Mosley's ceramics have been exhibited at The National Theatre, Liberty of London and elsewhere and sold through Designers Guild.

==Poetry==
His Japanese studies inspired Mosley with a profound interest in Japanese poetry. On graduating he began translating the waka poet Kakinomoto no Hitomaro's work for The Dublin Magazine then under the editorship of John Ryan.

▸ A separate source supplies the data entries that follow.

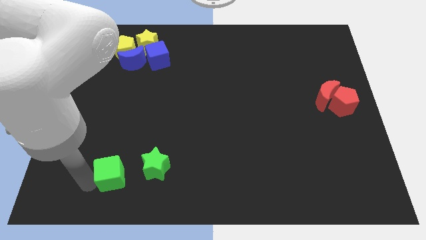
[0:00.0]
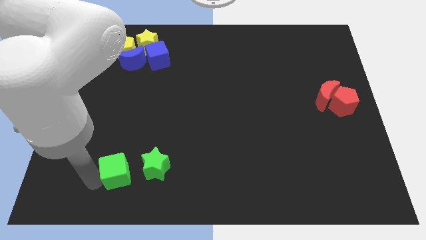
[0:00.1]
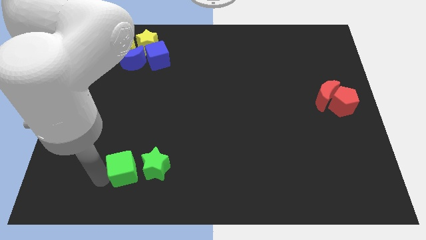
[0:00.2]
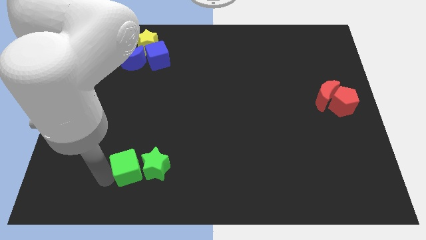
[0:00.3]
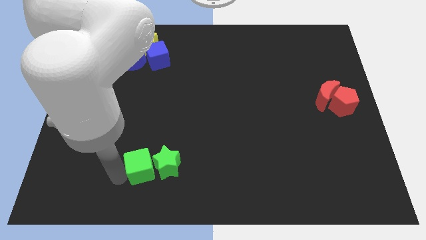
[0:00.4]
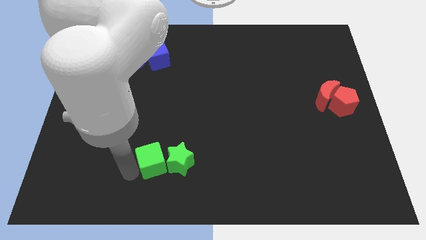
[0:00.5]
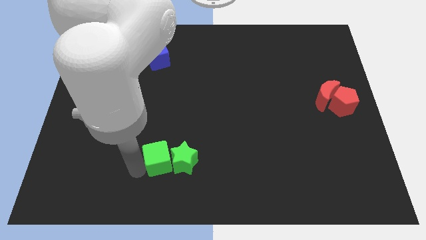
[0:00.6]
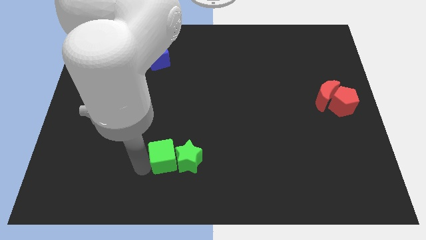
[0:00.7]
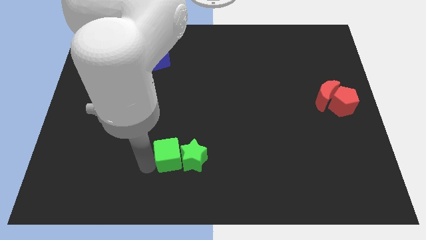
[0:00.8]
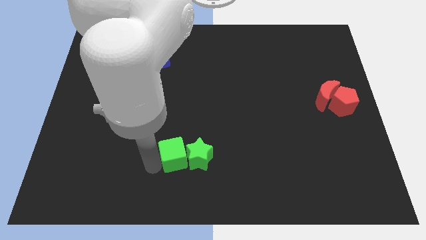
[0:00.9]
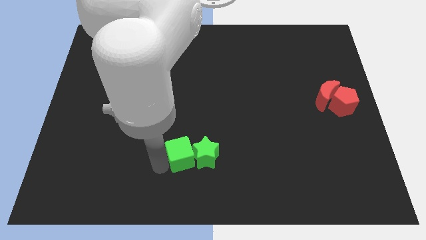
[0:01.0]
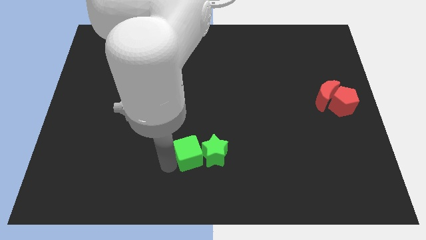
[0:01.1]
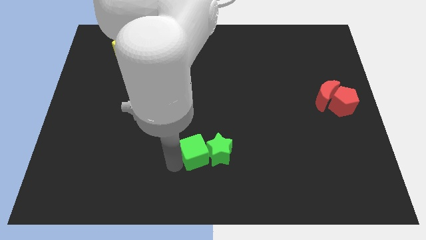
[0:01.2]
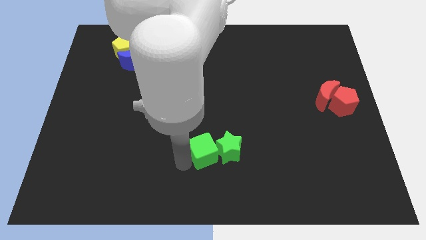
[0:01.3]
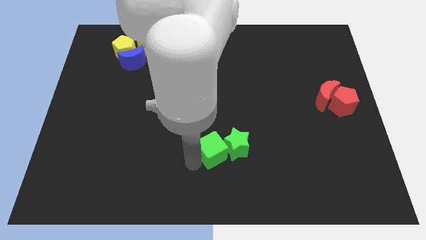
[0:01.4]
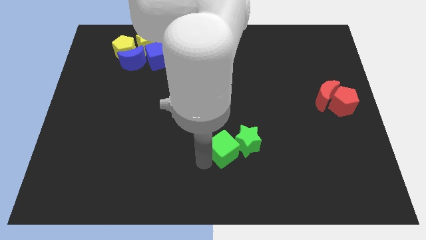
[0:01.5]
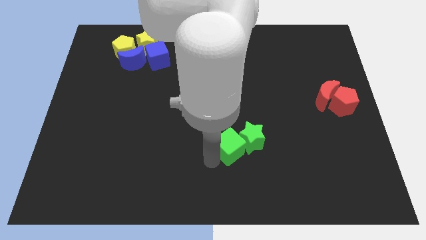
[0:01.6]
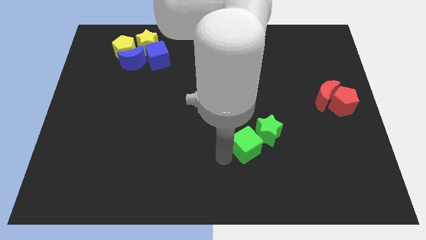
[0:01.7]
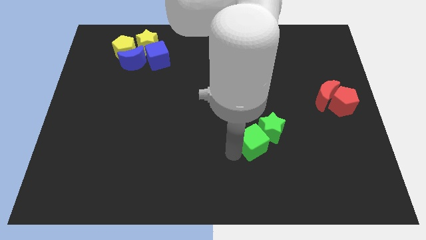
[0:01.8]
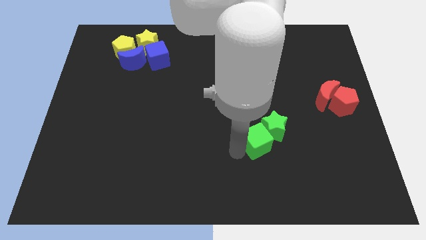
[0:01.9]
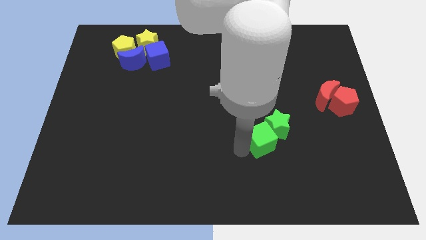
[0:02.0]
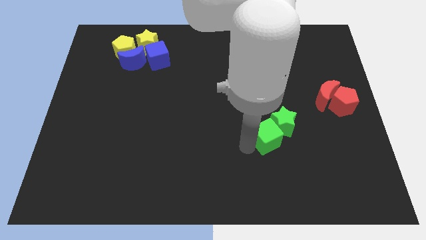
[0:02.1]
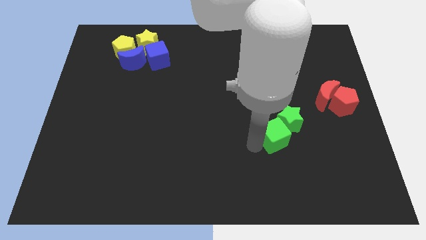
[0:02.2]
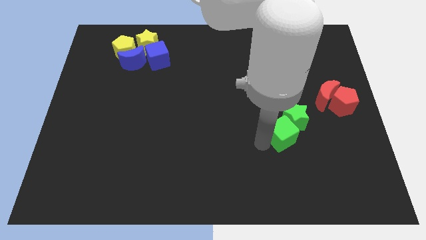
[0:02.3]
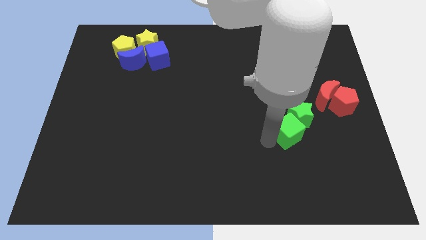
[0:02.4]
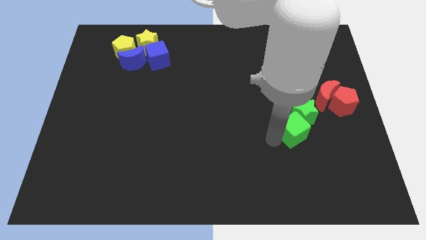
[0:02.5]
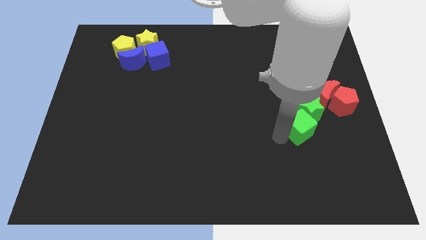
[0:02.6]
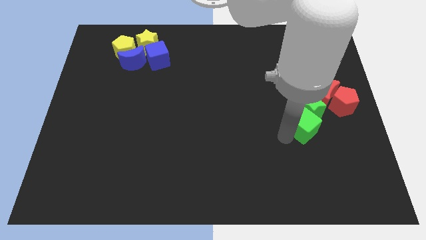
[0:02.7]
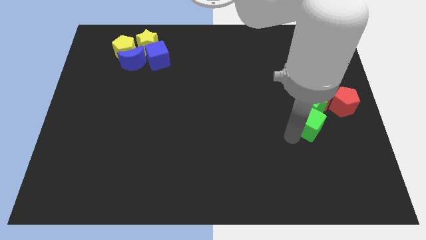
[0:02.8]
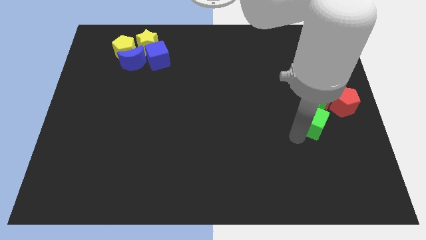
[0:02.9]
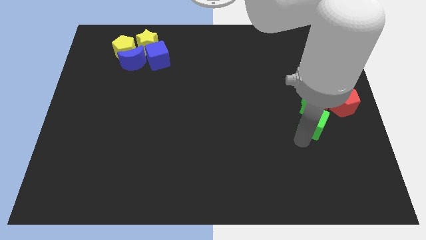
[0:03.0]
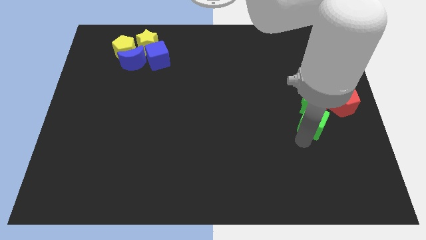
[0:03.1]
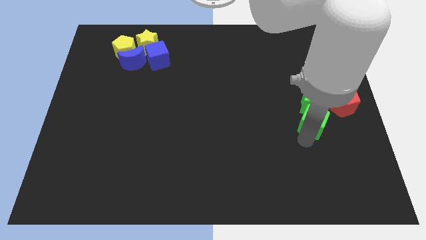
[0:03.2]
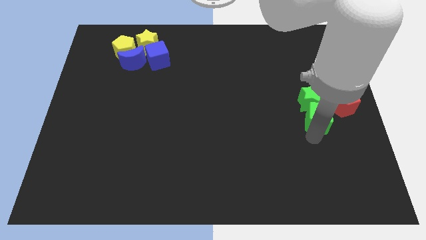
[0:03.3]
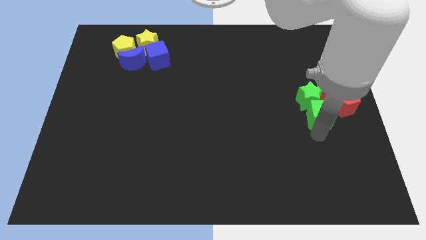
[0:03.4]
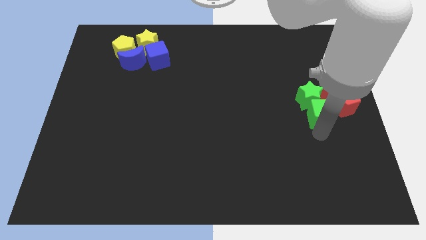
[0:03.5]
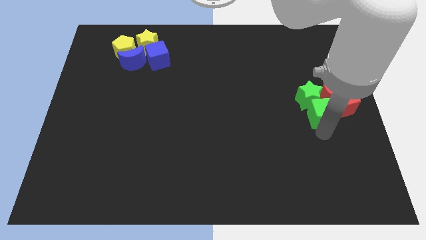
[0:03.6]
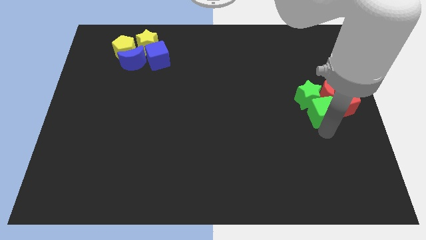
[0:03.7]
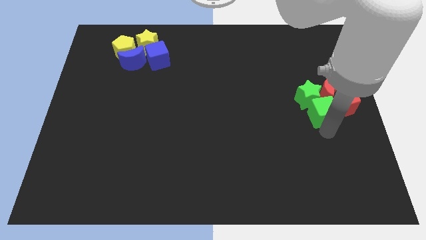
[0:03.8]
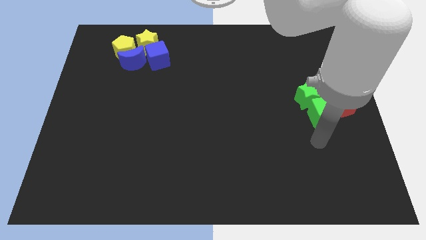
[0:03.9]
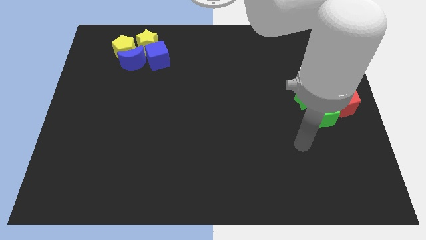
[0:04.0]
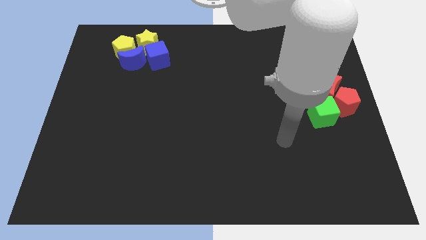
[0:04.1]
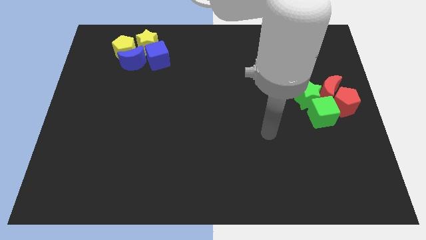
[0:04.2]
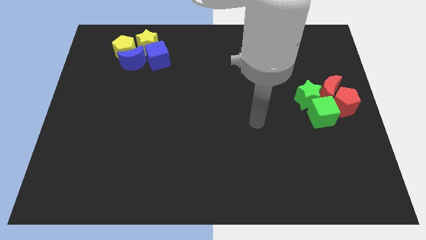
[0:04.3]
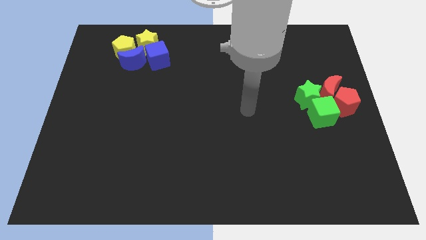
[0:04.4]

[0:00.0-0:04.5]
move the green cube along with the green star closer to the red crescent and red pentagon

In 1993 Frontier Publishing published his The Green Book of Poetry, a poetry anthology of over 300 poems from around the world, originally written in 30 different languages in defence of nature. Mosley provided commentary and many translations, but the poets most heavily featured are the Australian ecopoet Judith Wright, and Brendan Kennelly, who once said "Poetry is the ultimate democracy". In 1996 Harper SanFrancisco re-published the anthology as Earth Poems: Poems from Around the World to Honor the Earth, updated and including eighty new and contemporary poems and commentary. Mosley's own original poems have been featured in journals and national newspapers. In 1999 he was appointed Poetry Editor at the Journal of Consciousness Studies.

==Writing==
In 2000, Mosley's first work of non-fiction, Dumbing Down, a collection of essays and interviews on the concept of dumbing down, was published on Imprint Academic.
Contributors to the publication include Michael Oakshott, Ravi Shankar, Phillip Rieff, Robert Brustein, Roger Deakin, Adam Boulton, Peter Randall-Page, Claire Fox, John Ziman and Jaron Lanier.

Mosley followed this in 2003 with Democracy, Fascism and the New World Order, and a second book about democracy, In The Name of the People published by Imprint Academic in 2013. In this book Mosley clarifies the distinction between representative government and rule by the people, along with the former's dangers, citing works such as The History of the Origins of Representative Government (1821/22) by François Guizot, later prime minister of France. The long chapter How Debt Came to Rule the World charges elected representative governments with betraying the people by allowing banks to create the money supply, recommends Bank Credit by C. A. Phillips (1920) as the clearest extant explanation of the current international banking system, and quotes heavily from Henry Calvert Simons' Economic Policy for a Free Society (University of Chicago Press, 1951).

One of Mosley's last books, Bank Robbery, has been serialised on two monetary reform websites, The Cobden Centre, and Positive Money.

Ivo Mosley was a vocal critic of the fascist politics of his grandfather Oswald Mosley, often commenting publicly on the "evil legacy" of fascism. As a journalist he has written widely and internationally on topics including democracy, religion, multiculturalism, science, and economics.

Mosley also wrote articles for national newspapers, including the Telegraph, the Catholic Herald, Resurgence, and the Times Higher Education Supplement, mostly reviewing works of non-fiction.

==Opera and theatre==
From the late 1990s, Mosley wrote a number of pieces for theatre, film and opera including ‘Danny’s Dream’ (1st performance: Joseph Rowntree Theatre, York, 1998) ‘Science’ (Bridewell Theatre, London 2002), and ‘The London Women’s Buskers Orchestra Meet for the End of the World’ (Battersea Arts Centre, 2008). Personal Justice is a short thriller film (2005) which Mosley wrote and scored. Mad King Suibhne, an opera for which he wrote the libretto, was produced by Bury Court Opera and had its first performance in 2017 at Messum's Wiltshire.